Let me understand correctly. The vile, toxic, scumbag lawyer is saying, the energy needed to take my 4000 lbs car 100 miles at 65 mph is coming from my house electric outlet. You are going to need a bigger generating plant.
Fucking lawyer dumbass. From conception to recycling electric vehicles are an unmitigated ecological catastrophe and a massive crime against humanity. That crime includes suborning child slavery.

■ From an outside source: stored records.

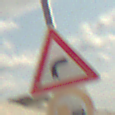
Verkehrszeichen: KurveRechts
Zusatzzeichen unten: UeberholverbotKraftfahrzeuge
Umgebung: Outdoor, Beach
Tageszeit: Midday
Wetter: PartlyCloudy
Licht: Natural
Jahreszeit: NotSpecified
Kontrast: HighContrast

Not yours. Yours runs on gas.
Hmm, trying to find an airline with a "Green" jet, seems they all burn Climate-Changing Jet Fuel
Google is your friend: https://www.airbus.com/en/innovation/zero-emission/electric-flight
Did you bother to read the article you linked to? Still hype and vaporware. A few non-production test platforms. And all still ultimately powered from a fossil-fuel dependent electricity grid.
The Federals do whatever they want, no one will stop them.
Remember what I said about the utilitarian analysis of the war in Ukraine.
The most abundant greenhouse gas is water vapor. Drafting a law the defines ghs and leaving H2O out is folly. Without water vapor the earth would be 59 degrees F cooler.
RE: "The most abundant greenhouse gas is water vapor. Drafting a law the defines ghs and leaving H2O out is folly. Without water vapor the earth would be 59 degrees F cooler."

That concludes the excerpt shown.